Thresholds for vulnerability of sediment and nutrient transport by runoff were determined as follows. For sediment transport, the lower threshold of 4.5 Mg ha−1 (2 tn ac−1; conversion factor of 2.24 Mg ha−1 = 1 tn ac−1) of sediment loss limit was found to represent about 70% of the area under all conditions, including during years with high precipitation (USDA NRCS 2012a). This was accepted as the upper limit for the low vulnerability classification (e.g., if a soil with no conservation lost less than 4.5 Mg ha−1 [2 tn ac−1], its vulnerability was classified as low).

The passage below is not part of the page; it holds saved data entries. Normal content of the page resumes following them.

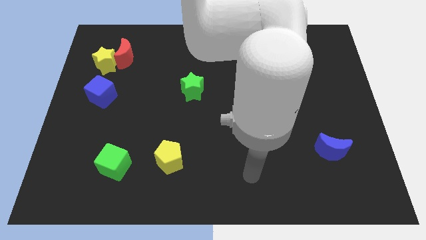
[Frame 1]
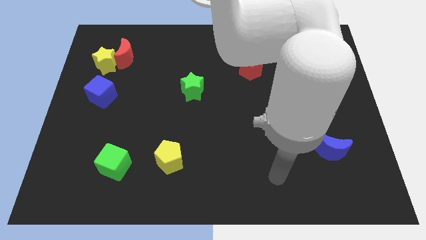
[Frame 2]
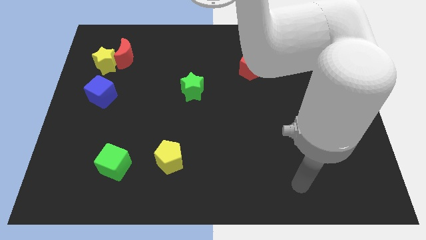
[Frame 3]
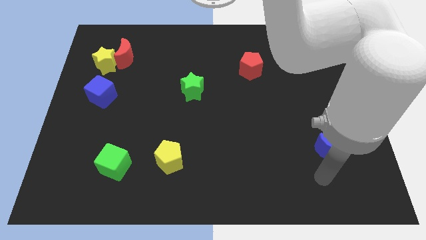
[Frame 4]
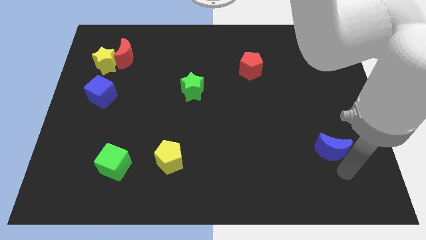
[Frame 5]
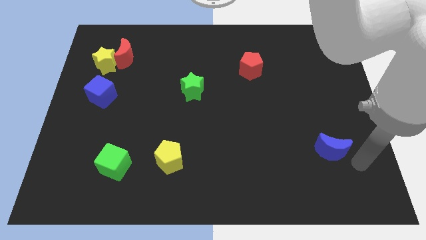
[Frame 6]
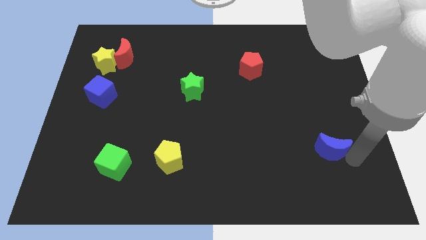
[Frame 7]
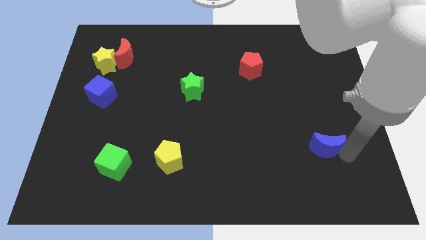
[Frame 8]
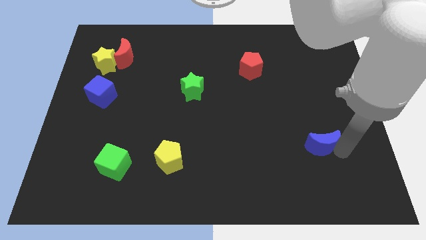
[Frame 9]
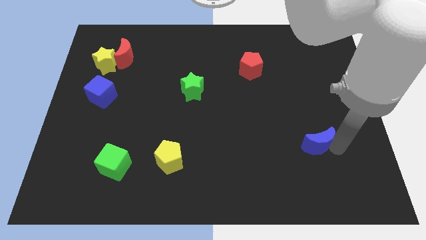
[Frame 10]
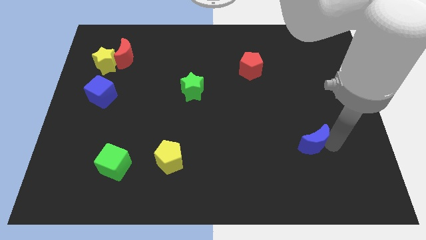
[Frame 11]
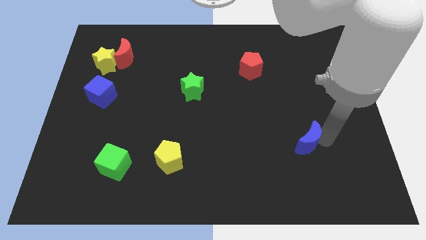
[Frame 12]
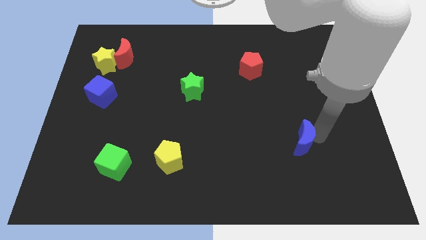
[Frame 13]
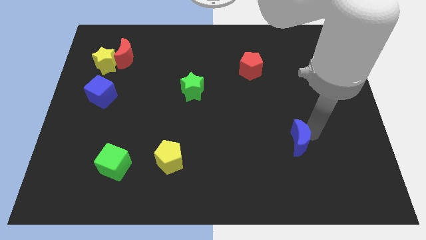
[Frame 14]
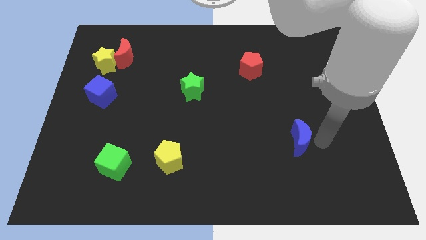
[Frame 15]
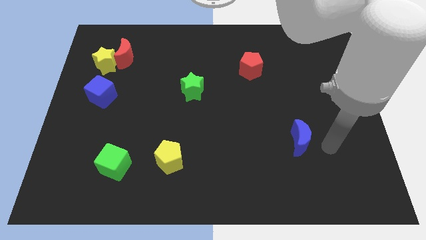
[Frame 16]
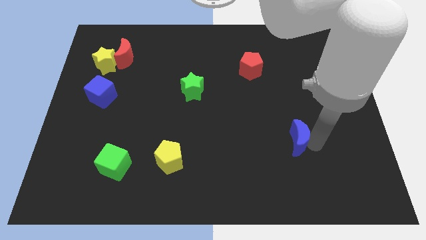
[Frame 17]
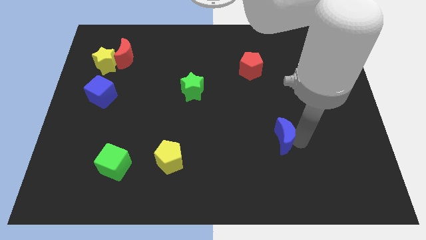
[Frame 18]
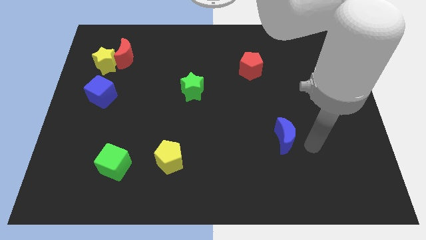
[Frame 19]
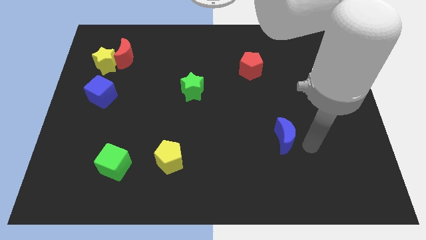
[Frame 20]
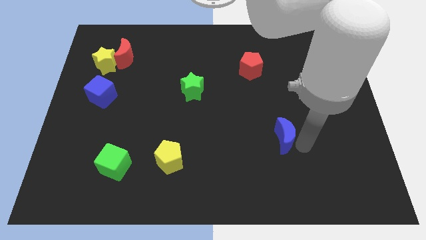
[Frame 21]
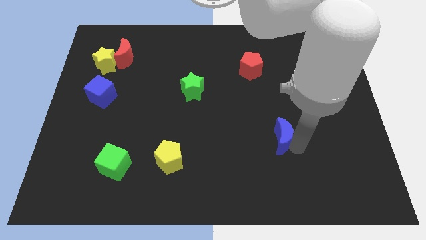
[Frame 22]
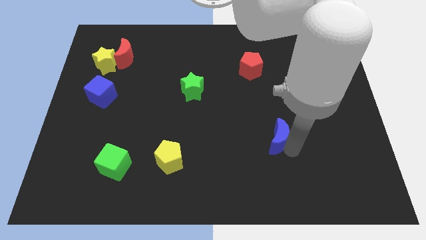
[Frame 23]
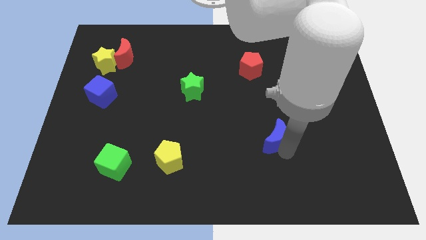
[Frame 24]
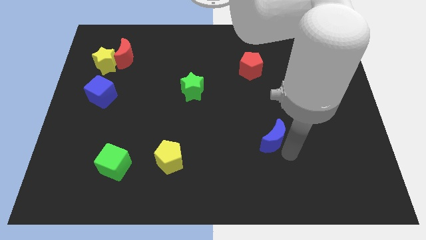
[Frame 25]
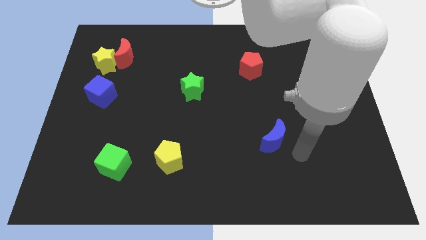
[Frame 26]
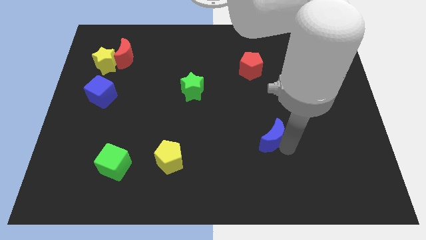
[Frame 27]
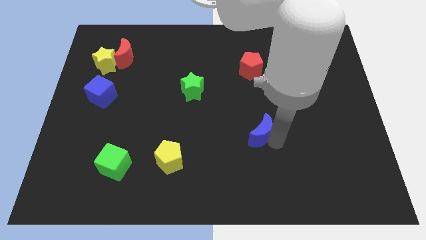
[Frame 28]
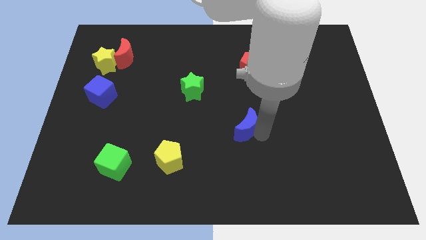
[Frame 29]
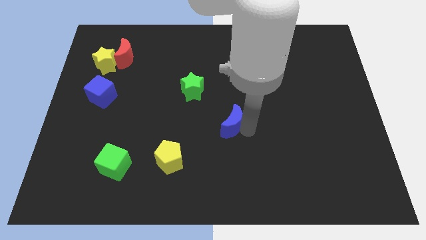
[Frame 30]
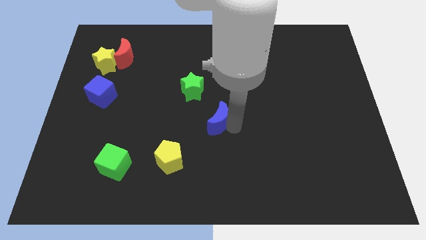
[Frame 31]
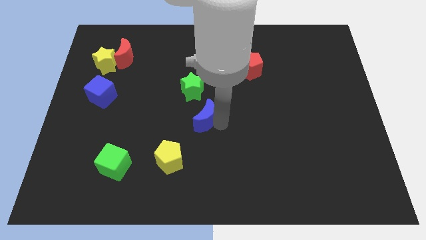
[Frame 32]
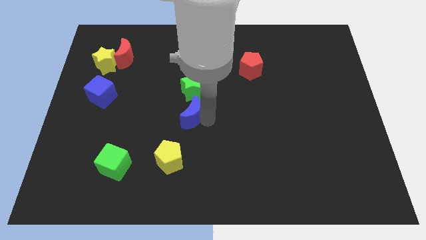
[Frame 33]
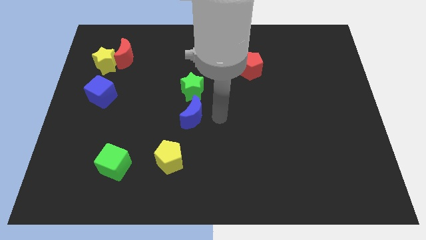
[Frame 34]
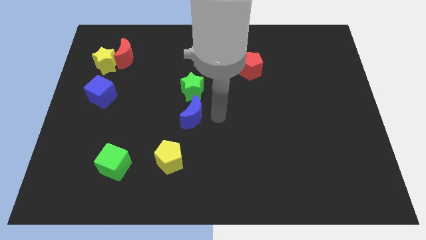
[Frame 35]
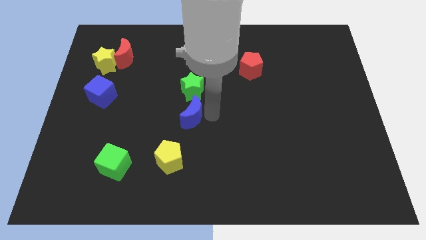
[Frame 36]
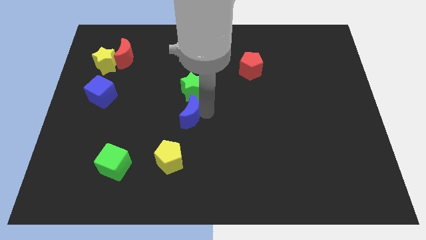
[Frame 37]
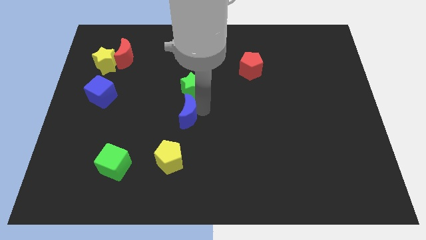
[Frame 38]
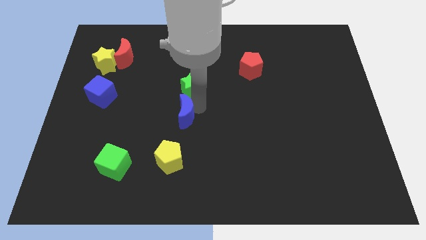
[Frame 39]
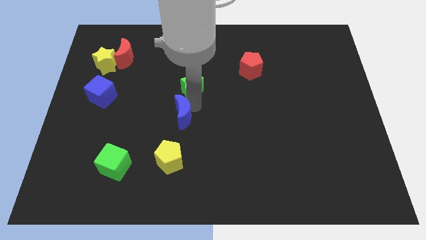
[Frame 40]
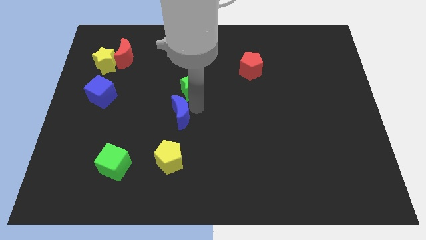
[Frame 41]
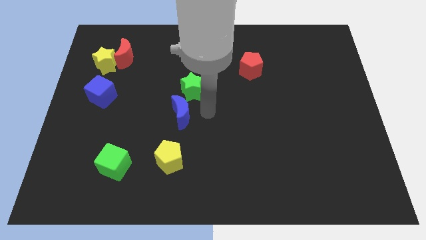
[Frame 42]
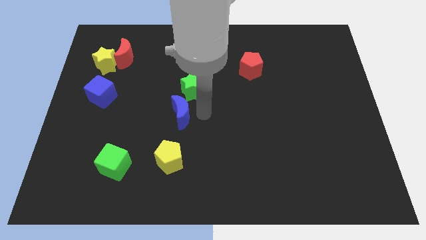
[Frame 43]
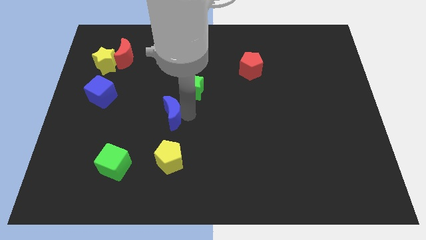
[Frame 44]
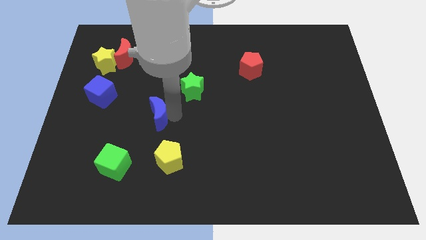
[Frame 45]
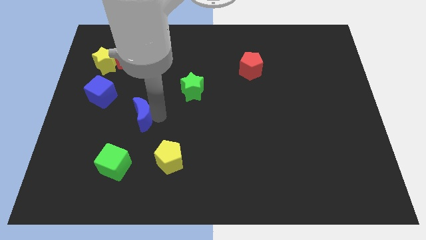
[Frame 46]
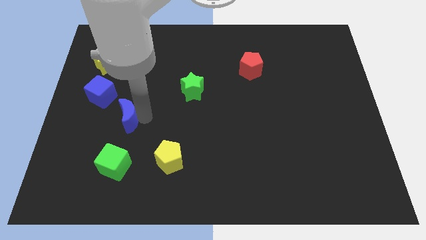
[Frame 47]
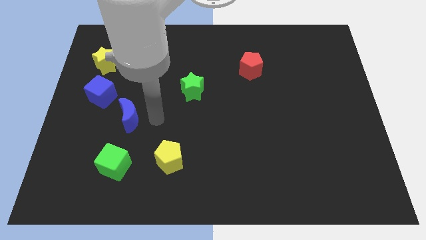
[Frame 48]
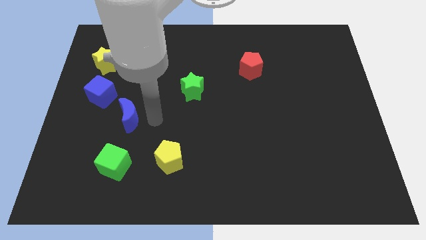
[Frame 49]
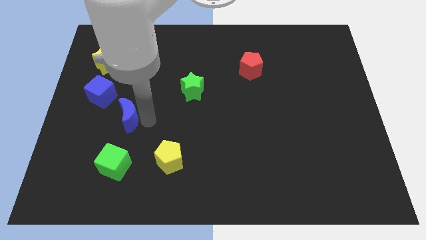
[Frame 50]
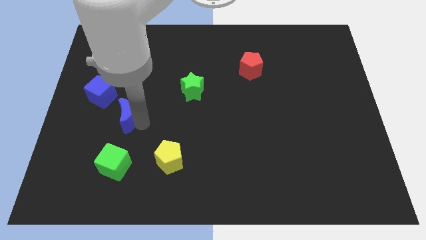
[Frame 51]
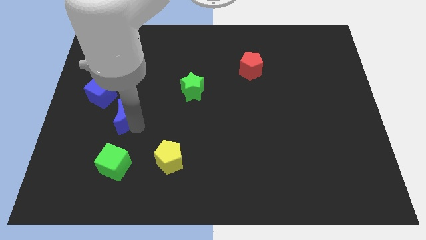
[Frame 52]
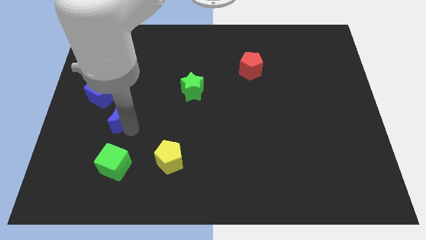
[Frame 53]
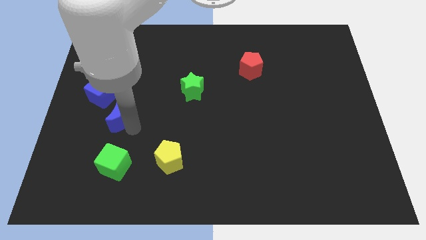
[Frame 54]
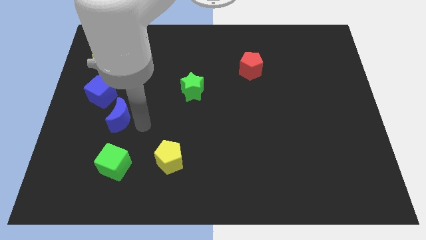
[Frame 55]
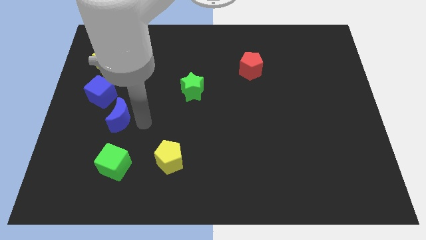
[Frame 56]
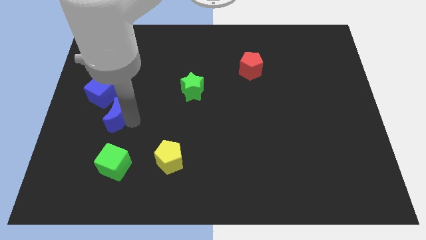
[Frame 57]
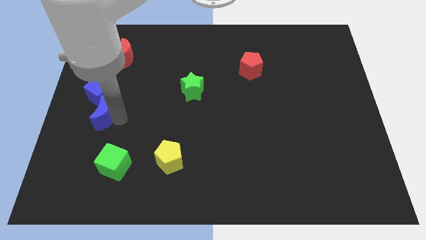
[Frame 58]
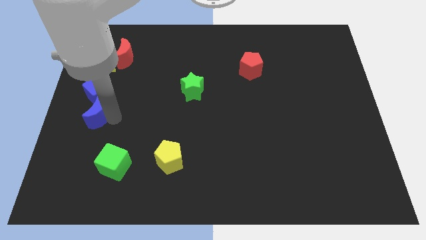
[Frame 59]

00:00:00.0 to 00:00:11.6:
slide the blue moon to the center left

Similarly, if a soil with no conservation lost more than 18 Mg ha−1 (8 tn ac−1), its vulnerability was classified as high. The scientific basis for this selection was from calibrated APEX simulations for the NRI points classified as Highly Erodible Land (HEL) as determined by NRCS technical guides (USDA NRCS 2012b). Up to 90% of these HEL points had sediment loss greater than 18 Mg ha−1 when no conservation was present. The range between the low and high vulnerability thresholds was then equally divided at 11.2 Mg ha−1 (5 tn ac−1) for the other two classes of moderate and moderately high vulnerability. Thus, low vulnerability was for sediment loss less than 4.5 Mg ha−1, moderate between 4.5 and 11.2 Mg ha−1, moderately high between 11.2 and 18 Mg ha−1, and high for greater than 18 Mg ha−1.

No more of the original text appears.